Amazing "upgrade" of the classic relationship. I also liked the OpenAI logo that references this cone/sphere/cylinder relationship and includes the following shape-to-letter mappings:
A -> cone
G -> sphere
I -> cylinder
This sequence references AGI, an acronym for artificial general intelligence.

1:22 I never realized that's why the belts had that shape. Never saw one up close.
this projection of the sphere is so much better than the one at the start of the lotus animation.

Thanks Burkhardt! Eve & I were super thrilled to see this episode. We like watching you & 3b1br. I had mentioned to her all of this, with appropriate references to mandarines, and as she doesn't know Andrew she was amazed that he would do that for her! Afterwards she was a bit surprised, I think, that mathematicians get paid for such fun! 😂 . Keep it up please!

An even deeper dive on this would be great

Burkard's little giggles are do endearing.

Finally enough I tutor second semester calculus and kinda intuited something similar to this about two months ago when I helped someone do an integral similar to the cone cylinder one.

Wow! 100 videos and 8 years. When I first found your channel I was a high school student learning calculus and now I’m a graduate student studying statistics and coding for public policy. Your passion for math helped me find wonder in what was being taught in class and put me on the path for success that I’m on today!

So so good!

Fun :) its also fun to see the difference in relation to poisson ratio of some incompressible solid that can deform in any given direction like a fluid. Its quite intuetive, if you unfold a sphere into a circle just by bringing down all the meridians you will get a larger area, but the difference between the circles of latitude on the sphere and the circles of radius r that corresponds, gets you a number for how much you should retract the distance between each circle of some radius on the disk to be area preserving. I wonder whether the angle of the meridian turned at 90 degrees onto the disk to the radius of the disk says something important ;).

That's a very satisfying final animation

I have to watch Toroflux again ... and also think about the Archimedes wheel paradox. (Escher would have appreciated this, too.) Yes, this raises all sorts of inquiries.

Congratulations for your 100th video.
Please go through the works of Aryabhata I 5th century CE.

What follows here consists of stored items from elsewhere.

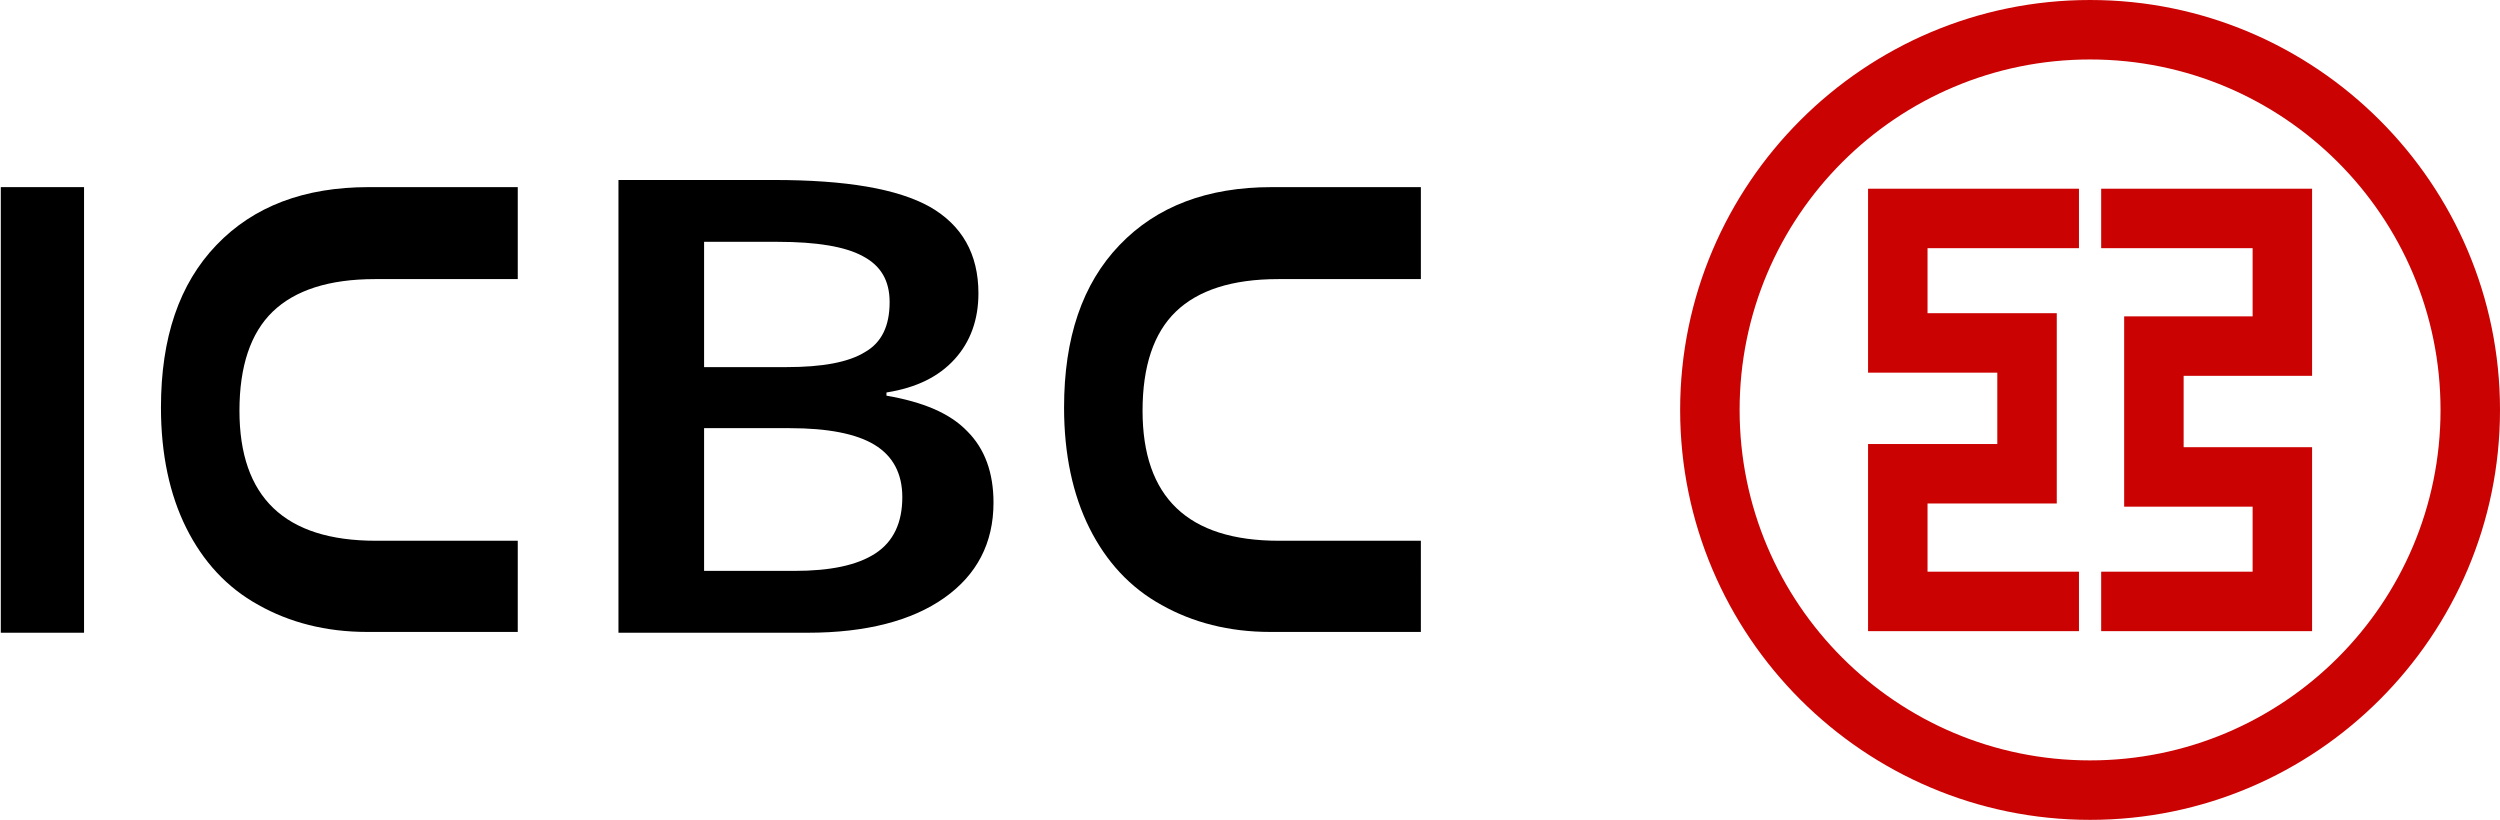 <?xml version="1.0" encoding="utf-8"?>
<!-- Generator: Adobe Illustrator 21.1.0, SVG Export Plug-In . SVG Version: 6.00 Build 0)  -->
<svg version="1.1" id="Capa_1" xmlns="http://www.w3.org/2000/svg" xmlns:xlink="http://www.w3.org/1999/xlink" x="0px" y="0px"
	 width="315.3px" height="103.4px" viewBox="0 0 315.3 103.4" style="enable-background:new 0 0 315.3 103.4;" xml:space="preserve"
	>
<style type="text/css">
	.st0{fill:#CB0202;}
</style>
<path d="M0.1,79.8V23.6h10.5v56.2H0.1z"/>
<path d="M78,22.7h19.6c9.1,0,15.6,1.1,19.7,3.4c4,2.3,6.1,5.9,6.1,10.9c0,3.3-1,6.1-3,8.3c-2,2.2-4.8,3.6-8.6,4.2v0.4
	c4.6,0.8,8,2.2,10.2,4.5c2.2,2.2,3.3,5.2,3.3,9c0,5.1-2.1,9.1-6.2,12c-4.1,2.9-9.9,4.4-17.2,4.4H78V22.7z M88.8,46.3h10.4
	c4.5,0,7.8-0.6,9.9-1.9c2.1-1.2,3.1-3.3,3.1-6.3c0-2.7-1.1-4.6-3.4-5.8c-2.2-1.2-5.8-1.8-10.7-1.8h-9.3V46.3z M88.8,53.9v18.1h11.4
	c4.5,0,7.9-0.7,10.2-2.2c2.3-1.5,3.4-3.9,3.4-7.1c0-3-1.2-5.2-3.5-6.6c-2.3-1.4-5.9-2.1-10.7-2.1H88.8z"/>
<path d="M179.2,68.2h-17.9c-11.5,0-17.2-5.5-17.2-16.4c0-5.6,1.4-9.8,4.2-12.5c2.8-2.7,7.1-4.1,12.9-4.1h18V23.6h-18.8
	c-8.1,0-14.5,2.4-19.2,7.3c-4.7,4.9-7,11.7-7,20.5c0,5.9,1.1,11,3.2,15.2c2.1,4.2,5.1,7.5,9.1,9.7c3.9,2.2,8.5,3.4,13.7,3.4h19V68.2
	z"/>
<path d="M65.3,68.2H47.4c-11.5,0-17.2-5.5-17.2-16.4c0-5.6,1.4-9.8,4.2-12.5c2.8-2.7,7.1-4.1,12.9-4.1h18V23.6H46.5
	c-8.1,0-14.5,2.4-19.2,7.3c-4.7,4.9-7,11.7-7,20.5c0,5.9,1.1,11,3.2,15.2c2.1,4.2,5.1,7.5,9.1,9.7c3.9,2.2,8.5,3.4,13.7,3.4h19V68.2
	z"/>
<g>
	<path class="st0" d="M263.6,103.4c-28.5,0-51.7-23.2-51.7-51.7S235.1,0,263.6,0c28.5,0,51.7,23.2,51.7,51.7
		S292.1,103.4,263.6,103.4z M263.6,7.5c-24.4,0-44.2,19.8-44.2,44.2s19.8,44.2,44.2,44.2c24.4,0,44.2-19.8,44.2-44.2
		S288,7.5,263.6,7.5z"/>
</g>
<g>
	<g>
		<polygon class="st0" points="291.6,79.6 265,79.6 265,72.1 284.1,72.1 284.1,63.9 267.9,63.9 267.9,39.9 284.1,39.9 284.1,31.3 
			265,31.3 265,23.8 291.6,23.8 291.6,47.4 275.4,47.4 275.4,56.4 291.6,56.4 		"/>
	</g>
	<g>
		<polygon class="st0" points="262.2,79.6 235.6,79.6 235.6,56 251.9,56 251.9,47 235.6,47 235.6,23.8 262.2,23.8 262.2,31.3 
			243.1,31.3 243.1,39.5 259.4,39.5 259.4,63.5 243.1,63.5 243.1,72.1 262.2,72.1 		"/>
	</g>
</g>
</svg>

11:22 Working out the width of the cross section of such a paraboloid at a given height h yields two times sqrt(t - h) where t is the total height of the paraboloid.
The corresponding cross section of the cylinder minus something has the width 2 times (sqrt(t) - x) , where x is again the radius of the inner circle we don't know yet.
The respective areas are pi times sqrt(t - h)^2 and pi times sqrt(t)^2) minus pi times x^2 .
Simplifying: pi times (t - h) equals pi times (t - x^2) , i. e. h = x^2.
In other words, the sides of the part cut out of the cylinder are another paraboloid, and since it is described by the same parabola as the paraboloid with which we started, its volume is also the same.

This video gave me an early Christmas gift. I don't want any gift for the rest of the year.

Great video!

3:2 fantastic ! And what a beautifull pumpkin shape .

The moon argument is one of the most beautiful proofs I've ever seen

Holy wow, that was beautiful!!

Mathologer, I have a book titled MATHEMATICAL MASTERPIECES, published by Springer Verlag, where you could find the necessary demonstration why Archimedes is Euler's dad or grand dad, where you could discover many more of his masterpieces. I want you to find out the source of these masterpieces. I think some of the Indian mathematicians or some unknown Ptolemaic mathematician may be the culprit. However, your friends Andrew and Henry made my day along with you. Thank you.